Frontiers, 1996 by Doyle, Jacqueline
Aiiii aiiii aiiiii
She is crying for her dead child
the lover gone, the lover not yet come:
Her grito splinters the night
-- Gloria Anzaldua, "My Black Angelos,"
Borderlands/La Frontera(1)
"If I were asked what it is I write about," Sandra Cisneros commented in a lecture in 1986, "I would have to say I write about those ghosts inside that haunt me, that will not let me sleep, of that which even memory does not like to mention."(2) Poverty, the unrecorded lives of the powerless, the unheard voices of "thousands of silent women," are some of the ghosts that haunt The House on Mango Street,(3) dedicated in two languages, "A las Mujeres/To the Women." Cisneros's narrator Esperanza chronicles the unhappy histories of "the ones who cannot out," women immobilized by poverty, cultural and linguistic barriers, restrictive gender roles, and domestic violence. Gazing out of windows they cannot open, standing in doorways they cannot exit, woman after woman on Mango Street is trapped at the threshold or boundary of a room or house not her own. Marin moons in the doorway, "waiting for a car to stop, a star to fall, someone to change her life." Mamacita "sits all day by the window and plays the Spanish radio show," afraid to go outside because she doesn't speak English. Because Rafaela is young and beautiful, her husband locks her in her room each Tuesday night while he plays dominoes. Minerva comes over each week "black and blue" with the "same story." Sally claims her father "never hits
her
hard," but she marries to escape, only to sit alone in her husband's house "because she is afraid to go outside without his permission." She looks "at the walls, at how neatly their comers meet, the linoleum roses on the floor, the ceiling smooth as wedding cake."(4)

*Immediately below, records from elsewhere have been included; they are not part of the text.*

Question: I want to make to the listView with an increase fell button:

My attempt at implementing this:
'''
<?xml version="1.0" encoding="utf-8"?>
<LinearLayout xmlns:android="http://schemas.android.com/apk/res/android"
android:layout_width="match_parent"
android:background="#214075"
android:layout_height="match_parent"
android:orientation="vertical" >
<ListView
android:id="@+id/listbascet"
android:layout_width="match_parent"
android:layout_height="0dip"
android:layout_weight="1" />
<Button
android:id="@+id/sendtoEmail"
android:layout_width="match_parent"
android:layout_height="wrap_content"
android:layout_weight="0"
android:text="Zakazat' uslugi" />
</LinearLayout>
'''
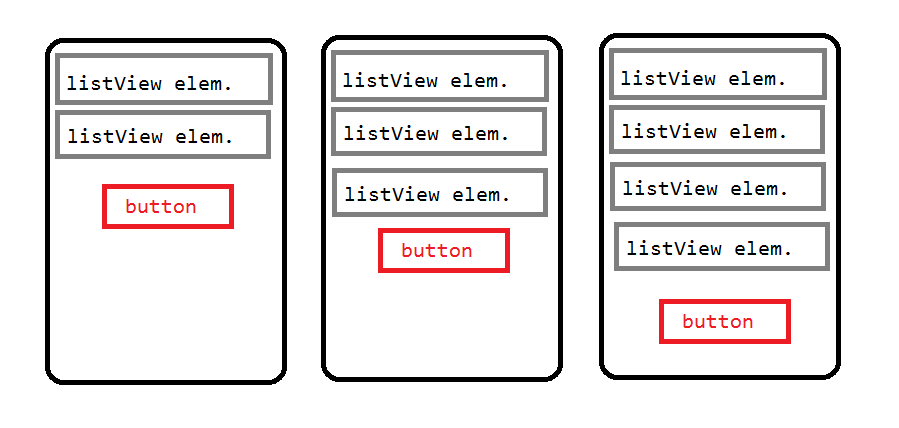
Answer: You would better remove the button from the XML and add it to another one.
Then you can use the to get the button and to the original list view.
This way it will be at the end of the list and scroll will it as well!
How to inflate:
'''
LayoutInflater inflater = (LayoutInflater)
getContext().getSystemService(Context.LAYOUT_INFLATER_SERVICE);
View view = inflater.inflate(R.layout.mylayout, null);
Button item = (Button) view.findViewById(R.id.item); // how to reference your button
'''
How to add footer:
'''
listView.addFooterView(view); // view is the inflated layout.
'''
More details about footer view contained in <URL> answer as well.

The story of Cleofilas in Cisneros's "Woman Hollering Creek" extends and revises such histories, opening a borderland space where old myths take on new resonance and new forms and where new stories are possible. Haunted by the legendary wail of la Llorona, Cleofilas seeks a language to articulate her own story and the stories of the mute feminine victims of male violence in the newspapers. As Adrienne Rich writes in "Natural Resources," "we have lived with violence so long":
Am I to go on saying
for myself, for her
This is my body
take and destroy it?(5)
Reconstituting the "communion of saints" as a community including women, Cisneros transfigures the grito of la Llorona and mines new natural resources for the expectant mother Cleofilas and her sisters and comadres. Felice's joyous holler as she and Cleofilas cross Woman Hollering Creek releases new mother tongues. "What kind of talk was that coming from a woman," Cleofilas marvels of her border crossing. "But then again, Felice was like no woman she'd ever met. Can you imagine, when we crossed the arroyo she just started yelling like a crazy, she would later say to her father and brothers. Just like that. Who would've thought?"(6)

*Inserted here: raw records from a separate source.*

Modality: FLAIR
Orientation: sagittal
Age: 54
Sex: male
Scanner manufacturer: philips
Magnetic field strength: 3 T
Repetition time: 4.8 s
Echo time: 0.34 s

In an interview in 1988, Cisneros discussed the difficulties of growing up as a Mexican American woman, "always straddling two countries...but not belonging to either culture," "trying to define some middle ground" where revision and reinvention of cultural and sexual roles might be possible, only to be "told you're a traitor to your culture."(7) Gloria Anzaldua constructs her "new mestiza identity" in just such a "middle ground" or borderland area, where languages, cultures, religions, and gender identities collide and cross. The "borderlands," as Anzaldua defines them, encompass both geographic and psychic spaces, a polyglot interzone that is "physically present wherever two or more cultures edge each other, where people of different races occupy the same territory, where under, lower, middle and upper classes touch, where the space between two individuals shrinks with intimacy."(8) This borderland terrain exists both inside and outside the individual; Anzaldua maps the competing cultural, national, racial, sexual, and linguistic discourses occupying the spaces within and surrounding the Mexican American woman, even as she undoes the static oppositions that would confine and immobilize her. Moving beyond the "virgen/puta (whore) dichotomy," Anzaldua reconstructs mestiza identity as dynamic and multiple,(9) the borderlands as a region of constant transition and transformation, where "languages cross-pollinate and are revitalized...die and are born."(10) The new mestiza speaks "a forked tongue, a variation of two languages" and numerous dialects.(11) "She reinterprets history and, using new symbols, she shapes new myths."(12) She remothers herself and refashions her gods to give birth to her own identity.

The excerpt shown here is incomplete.